* [Goal of the exercise] Without any of the pictures, transcribe all the lines below exactly.

* [Items from a dataset]
#####

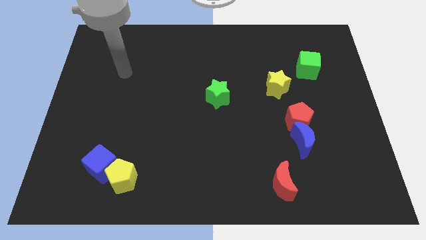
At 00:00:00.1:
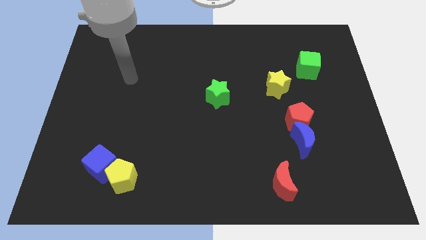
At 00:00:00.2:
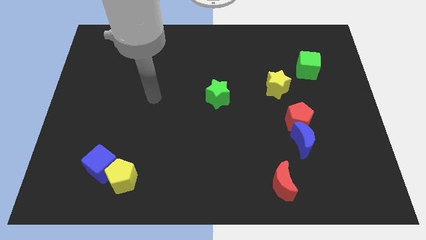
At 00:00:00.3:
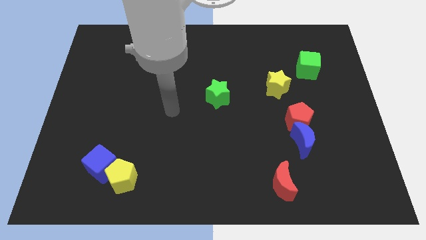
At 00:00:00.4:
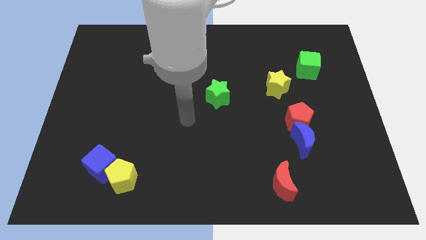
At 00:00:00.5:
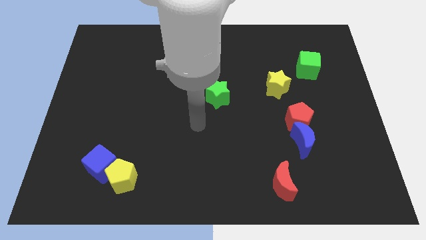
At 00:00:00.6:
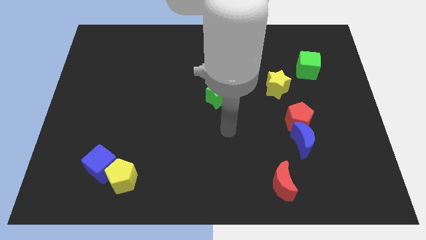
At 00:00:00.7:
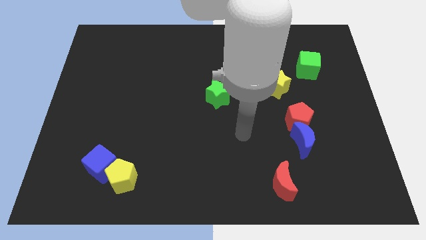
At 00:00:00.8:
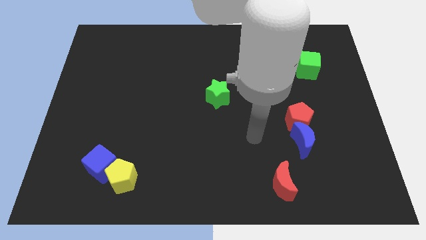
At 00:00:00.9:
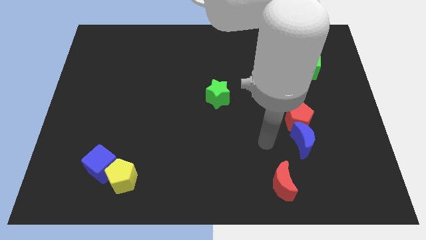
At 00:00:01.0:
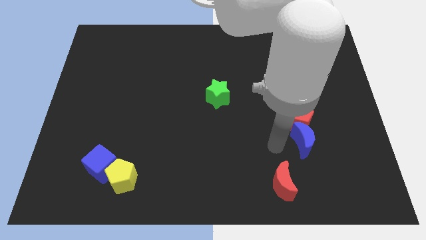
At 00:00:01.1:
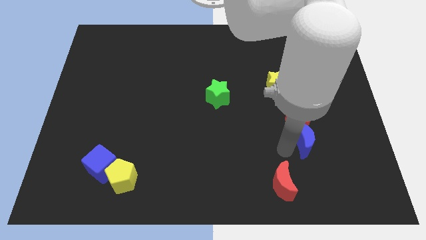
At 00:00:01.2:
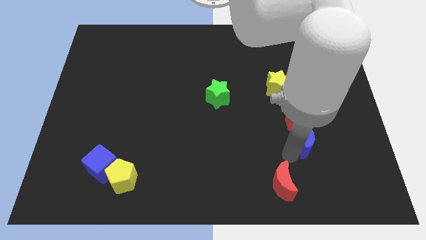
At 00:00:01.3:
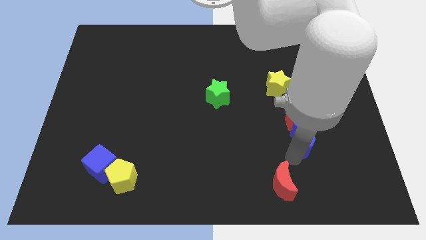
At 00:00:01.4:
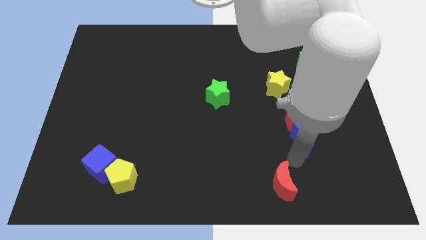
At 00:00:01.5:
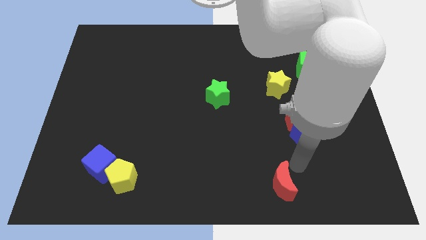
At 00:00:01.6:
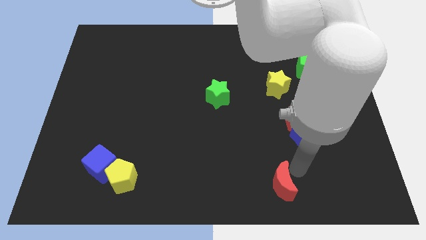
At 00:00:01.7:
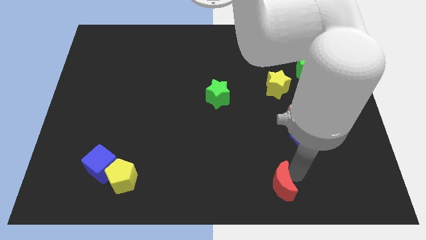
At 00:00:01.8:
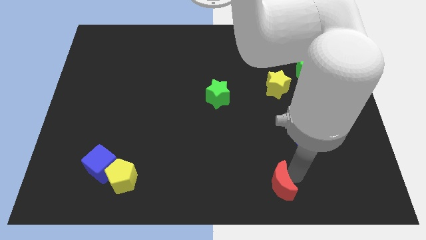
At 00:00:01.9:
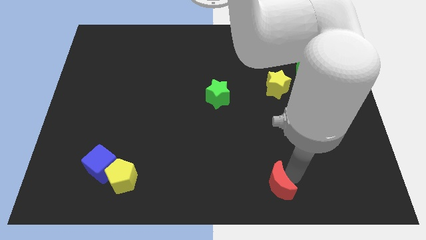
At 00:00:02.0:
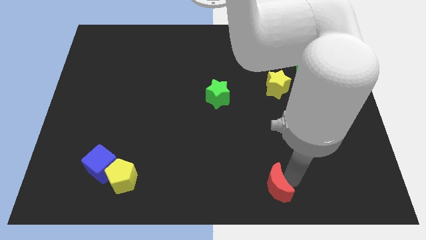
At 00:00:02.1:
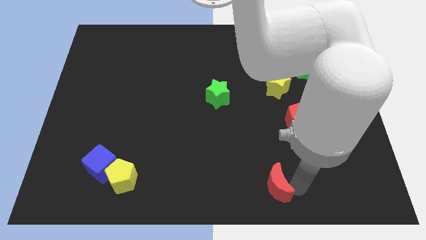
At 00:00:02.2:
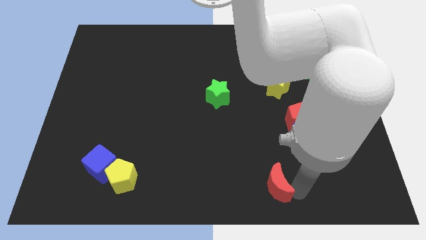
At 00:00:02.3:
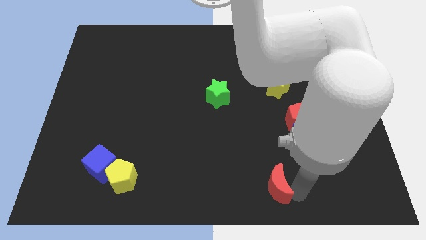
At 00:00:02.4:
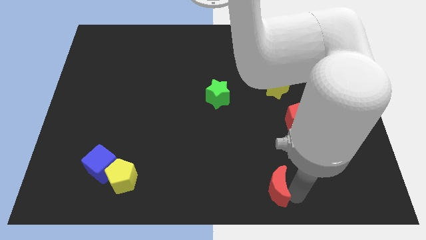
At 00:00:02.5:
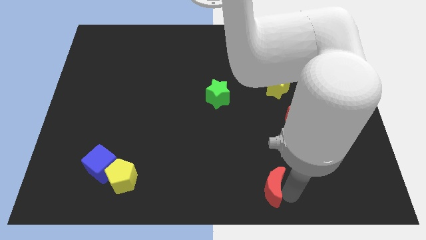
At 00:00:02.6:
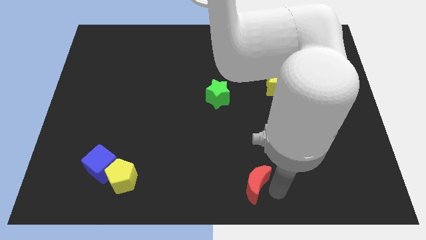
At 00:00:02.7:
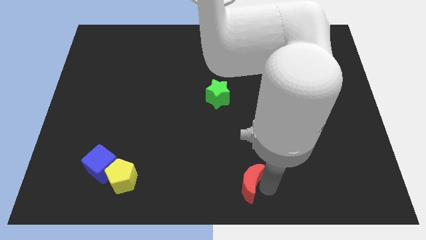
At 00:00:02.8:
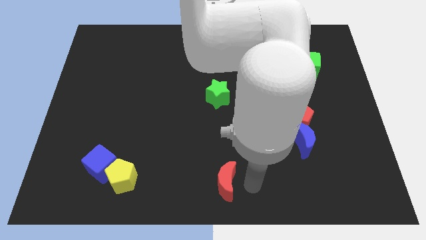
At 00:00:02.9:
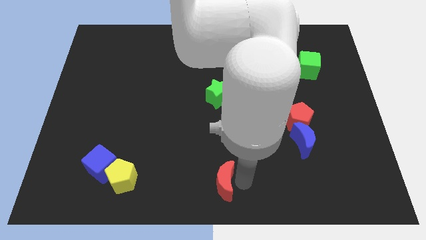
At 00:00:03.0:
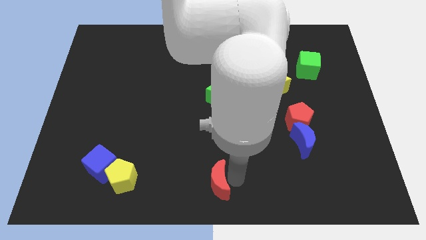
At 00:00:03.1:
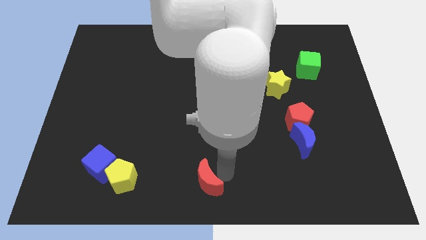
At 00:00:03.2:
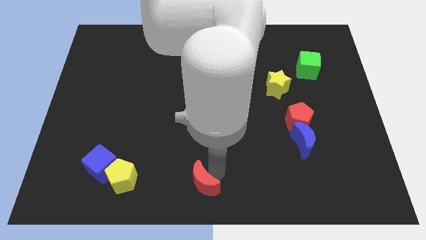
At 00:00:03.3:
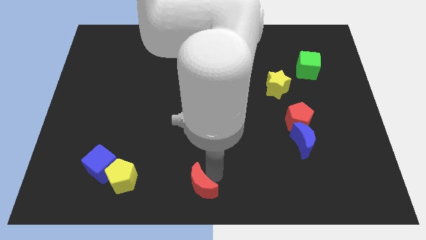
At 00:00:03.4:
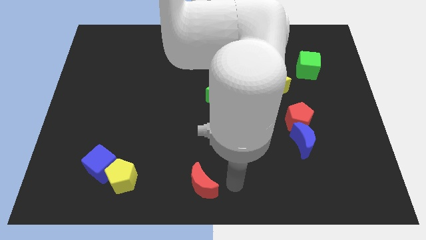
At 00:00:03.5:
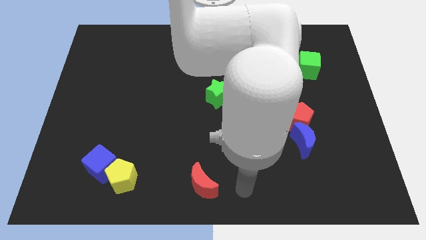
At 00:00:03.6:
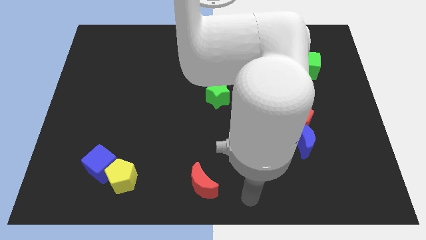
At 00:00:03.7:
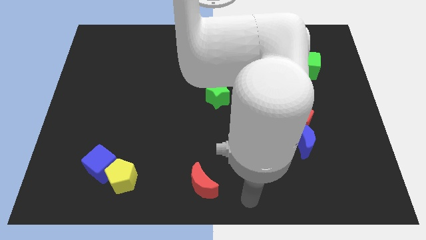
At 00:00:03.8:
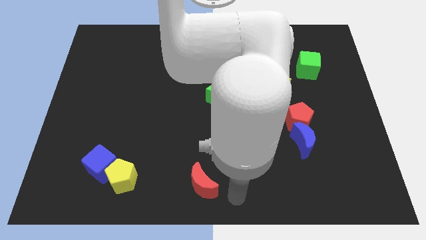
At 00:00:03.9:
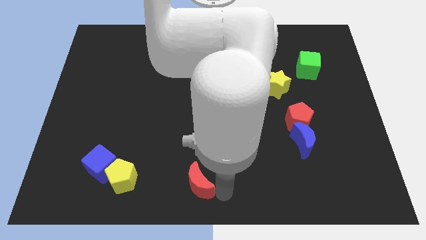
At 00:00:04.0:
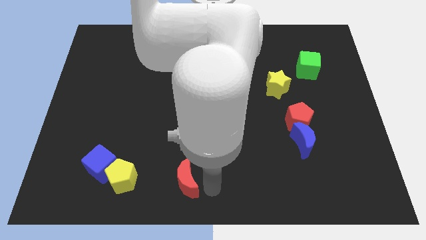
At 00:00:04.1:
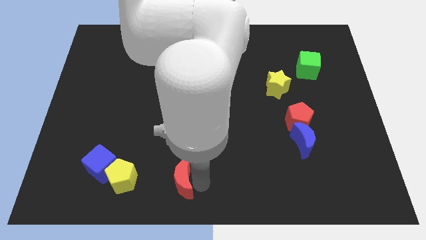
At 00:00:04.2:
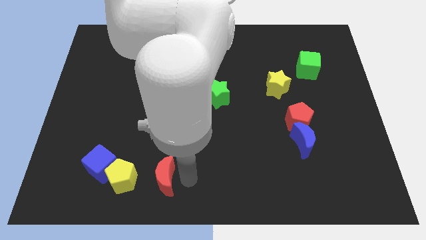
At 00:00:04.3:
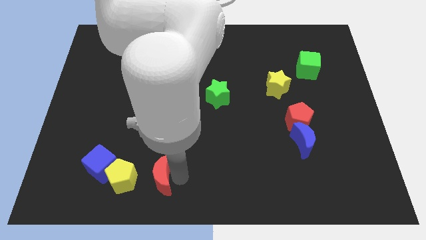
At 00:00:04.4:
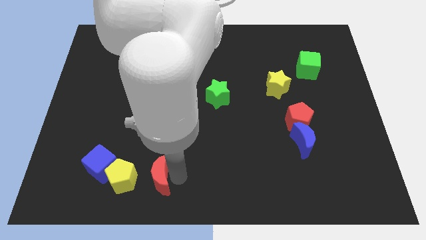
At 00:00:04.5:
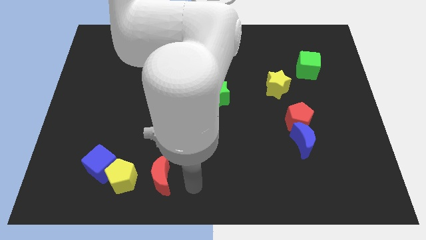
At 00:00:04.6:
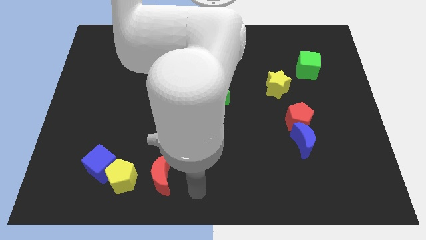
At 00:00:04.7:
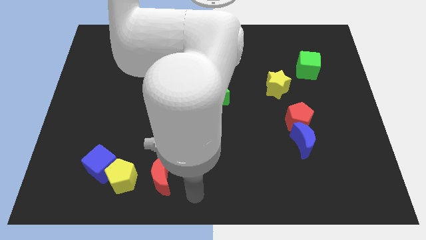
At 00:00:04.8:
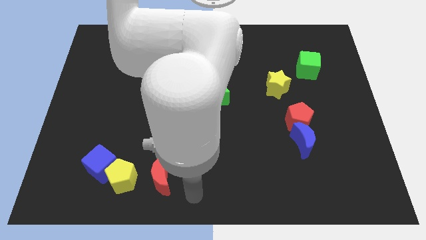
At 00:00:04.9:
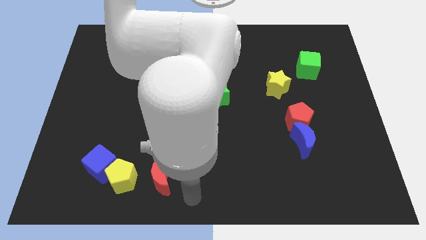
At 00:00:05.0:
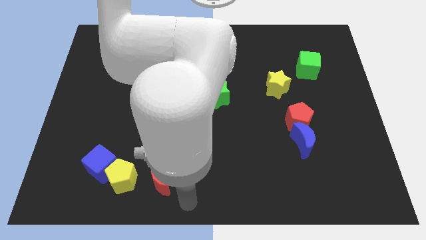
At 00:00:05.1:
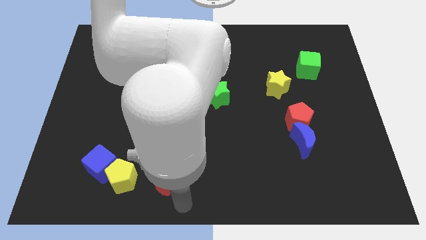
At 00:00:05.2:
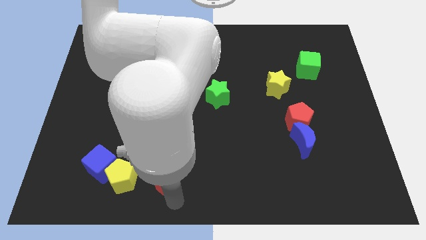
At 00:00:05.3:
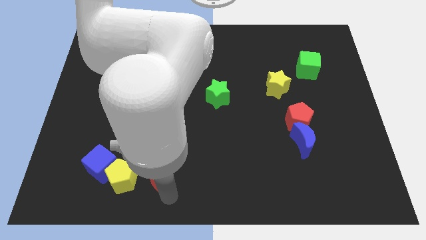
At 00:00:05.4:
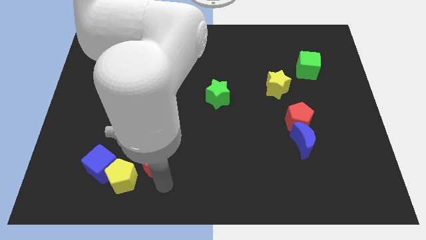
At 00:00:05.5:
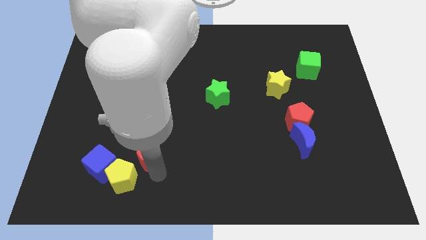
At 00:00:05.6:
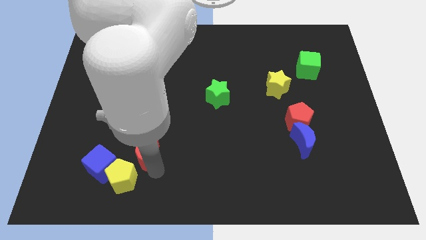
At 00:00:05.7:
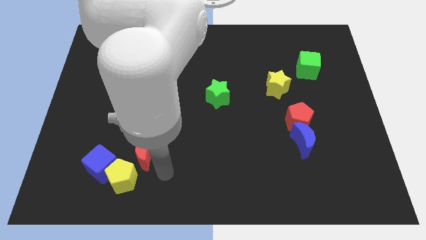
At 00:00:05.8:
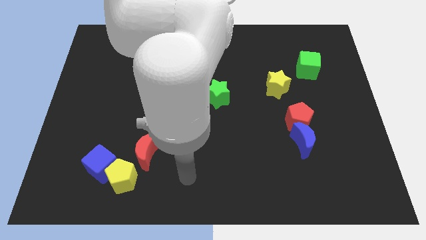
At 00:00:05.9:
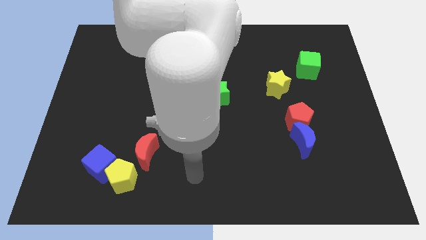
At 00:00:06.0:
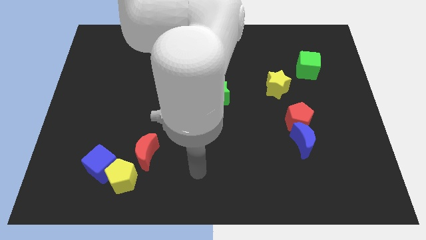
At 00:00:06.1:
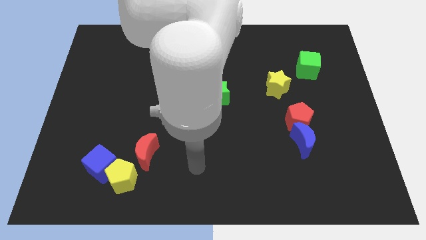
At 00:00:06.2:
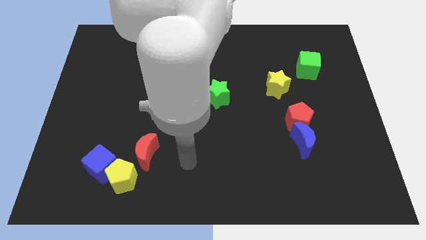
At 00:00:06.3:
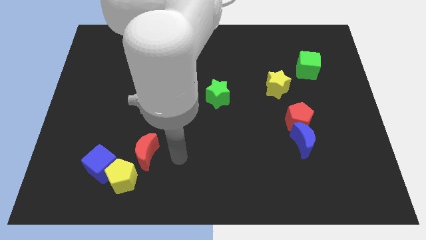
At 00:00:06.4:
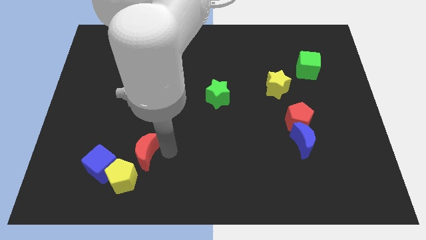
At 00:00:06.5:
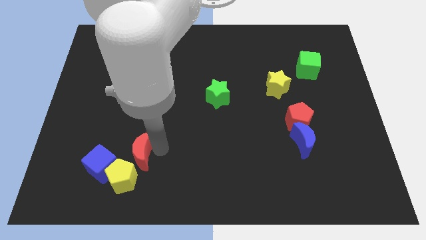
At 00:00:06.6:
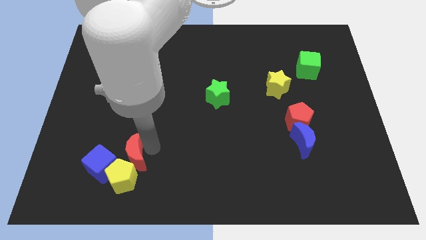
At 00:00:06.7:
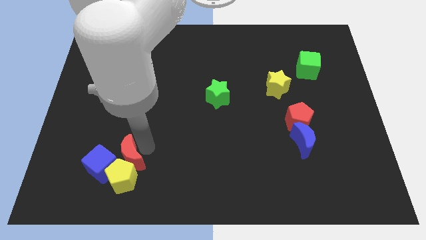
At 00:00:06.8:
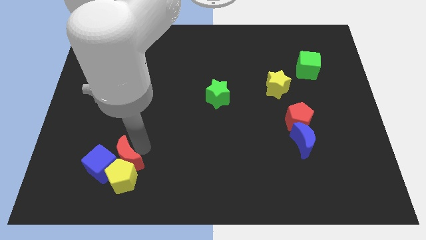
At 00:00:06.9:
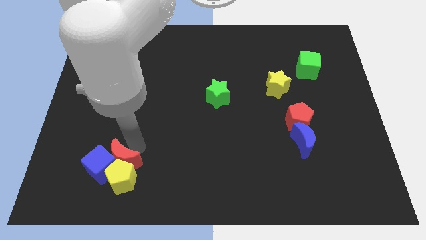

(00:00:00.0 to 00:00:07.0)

#####

* [Exercise response]
At 00:00:00.1:
At 00:00:00.2:
At 00:00:00.3:
At 00:00:00.4:
At 00:00:00.5:
At 00:00:00.6:
At 00:00:00.7:
At 00:00:00.8:
At 00:00:00.9:
At 00:00:01.0:
At 00:00:01.1:
At 00:00:01.2:
At 00:00:01.3:
At 00:00:01.4:
At 00:00:01.5:
At 00:00:01.6:
At 00:00:01.7:
At 00:00:01.8:
At 00:00:01.9:
At 00:00:02.0:
At 00:00:02.1:
At 00:00:02.2:
At 00:00:02.3:
At 00:00:02.4:
At 00:00:02.5:
At 00:00:02.6:
At 00:00:02.7:
At 00:00:02.8:
At 00:00:02.9:
At 00:00:03.0:
At 00:00:03.1:
At 00:00:03.2:
At 00:00:03.3:
At 00:00:03.4:
At 00:00:03.5:
At 00:00:03.6:
At 00:00:03.7:
At 00:00:03.8:
At 00:00:03.9:
At 00:00:04.0:
At 00:00:04.1:
At 00:00:04.2:
At 00:00:04.3:
At 00:00:04.4:
At 00:00:04.5:
At 00:00:04.6:
At 00:00:04.7:
At 00:00:04.8:
At 00:00:04.9:
At 00:00:05.0:
At 00:00:05.1:
At 00:00:05.2:
At 00:00:05.3:
At 00:00:05.4:
At 00:00:05.5:
At 00:00:05.6:
At 00:00:05.7:
At 00:00:05.8:
At 00:00:05.9:
At 00:00:06.0:
At 00:00:06.1:
At 00:00:06.2:
At 00:00:06.3:
At 00:00:06.4:
At 00:00:06.5:
At 00:00:06.6:
At 00:00:06.7:
At 00:00:06.8:
At 00:00:06.9:

(00:00:00.0 to 00:00:07.0)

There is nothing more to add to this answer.